At every stage of the development of the Russian-Georgian, and later the Russian-Ukrainian wars, the international community has long been swayed by waves of Kremlin propaganda, which hypnotised the West with its incantations of “Not everything is so obvious.”
But for many Ukrainians and Georgians, everything has been obvious for a long time. So it is not at all surprising that many Georgian volunteers have decided to help the Ukrainians fight against Russia, starting from literally the first few days of Russia’s attack on Ukraine in 2014.
A separate Georgian National Legion was established, which took part in hostilities even during the first intense phase of the war in Donbas in 2014-2015.
In 2016, the Georgian National Legion became part of the Armed Forces of Ukraine. This was the first time in Ukraine’s history that foreigners were officially accepted into the Armed Forces of Ukraine.
Since 24 February 2022, the Legion has had even more volunteers. And the geography of their origins is not limited to Georgia.
Ukrainska Pravda met with Mamuka Mamulashvili, the commander of the Georgian Legion, and asked him about how the Legion was established, how citizens of different countries around the world work together within it, what horror stories are spread by Russian propaganda to demonise the fighters, and why Ukraine’s victory will be a victory for Georgia.
“Many Ukrainians died defending Georgia’s sovereignty. It was a matter of principle for us to come and help”
– It’s very nice to see you in Kyiv. We hear a lot about the Georgian Legion, and about you as the person who heads it. First of all, I would like you to tell us a little about how you ended up in Ukraine.
– I came to Ukraine in 2014, and the Georgian Legion pretty much began to exist in 2014. It was fundamentally important for us to help Ukraine when we felt that a war would begin. Several [Georgian] officers arrived who helped train the Ukrainians and they have taken part in the hostilities since 2014, since the beginning of the war.
– Why did you decide to fight for Ukraine and in Ukraine?
– Ukraine is a strategic partner of Georgia. During the first Russian aggression after the collapse of the USSR in Georgia, Ukraine was the only country that openly helped Georgia and sent volunteers, many of whom died defending Georgia’s sovereignty. So it was a matter of principle for us to come and help.
– I know that you took part in the Abkhazian war, and there is a very interesting and complex story connected with it: you spent some time in captivity. Can you tell us a little about that?
– That was in the 1990s, when Russia attacked Georgia. Events were developing the same way as in Ukraine – the development of separatism followed by the beginning of a so-called hybrid war. In my opinion, it was just an open war against Georgia, which Georgia unfortunately lost in the 90s.
My father was a military general who was serving in the Georgian army at the time, and he took me to war at the age of 14. I practically grew up on a military base, and at the age of 14 I was already, one might say, a soldier. He took me to combat action.
A year after the war began, we were captured together. I was in captivity for about three months. It was a very difficult time in my life.

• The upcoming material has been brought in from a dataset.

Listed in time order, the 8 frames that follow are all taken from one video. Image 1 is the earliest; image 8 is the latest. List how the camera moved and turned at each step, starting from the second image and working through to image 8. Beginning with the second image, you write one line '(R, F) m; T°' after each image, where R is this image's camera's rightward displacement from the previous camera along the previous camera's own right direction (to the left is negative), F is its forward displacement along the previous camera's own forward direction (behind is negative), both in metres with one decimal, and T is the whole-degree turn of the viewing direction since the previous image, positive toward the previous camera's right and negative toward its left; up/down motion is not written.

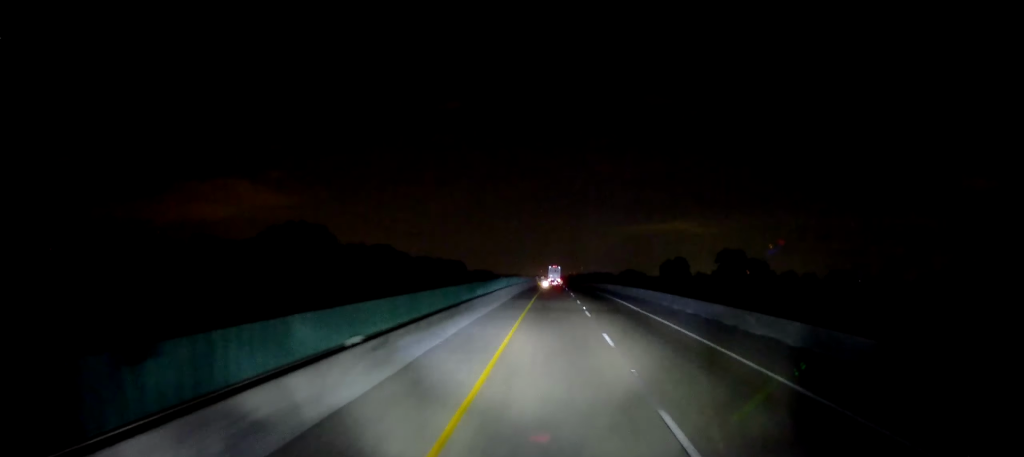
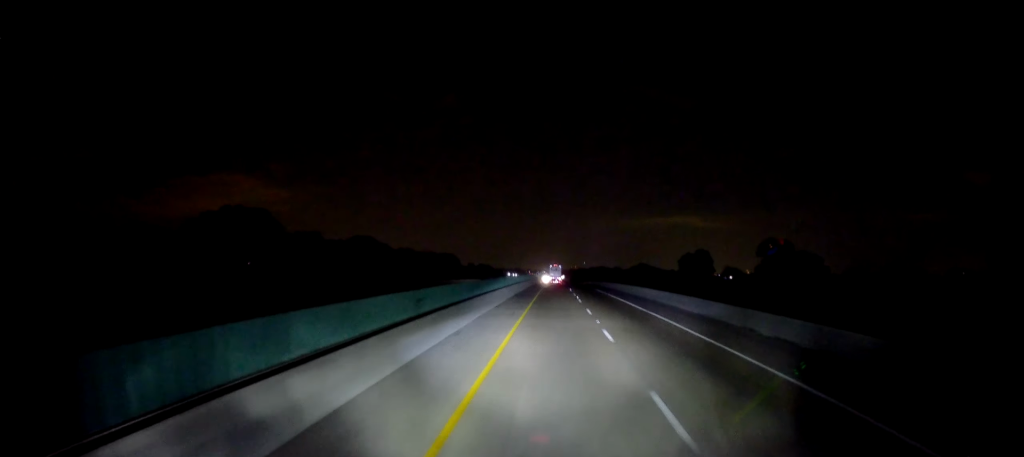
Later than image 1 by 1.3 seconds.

– So when you were captured, you were 15?
– I turned 15 in captivity, as I recall. And then I began to understand why it is necessary to fight against Russia. It was precisely the time when my consciousness was developing and I began to understand the world.
And I understood clearly that Russia was an enemy. I have been in practically a permanent mode of hostilities against Russia ever since.
– But at the same time you studied – in France, for example.
– Yes. There was a time when I began studying to be a diplomat in Paris. I was looking for an alternative method of war. That is why I became interested in diplomacy. And, as always, I didn’t need it, because we can’t use diplomatic language with Russia at all.
We couldn’t do it in Georgia and we can’t do it in Ukraine. So, diplomacy took a back seat, and we had to do what we’re doing, and that is war.
– When I talk to Georgians who come to Ukraine, they mention the war that started on 8 August 2008 as a reason why they are here. Where were you at that time? What impression did that war make on you?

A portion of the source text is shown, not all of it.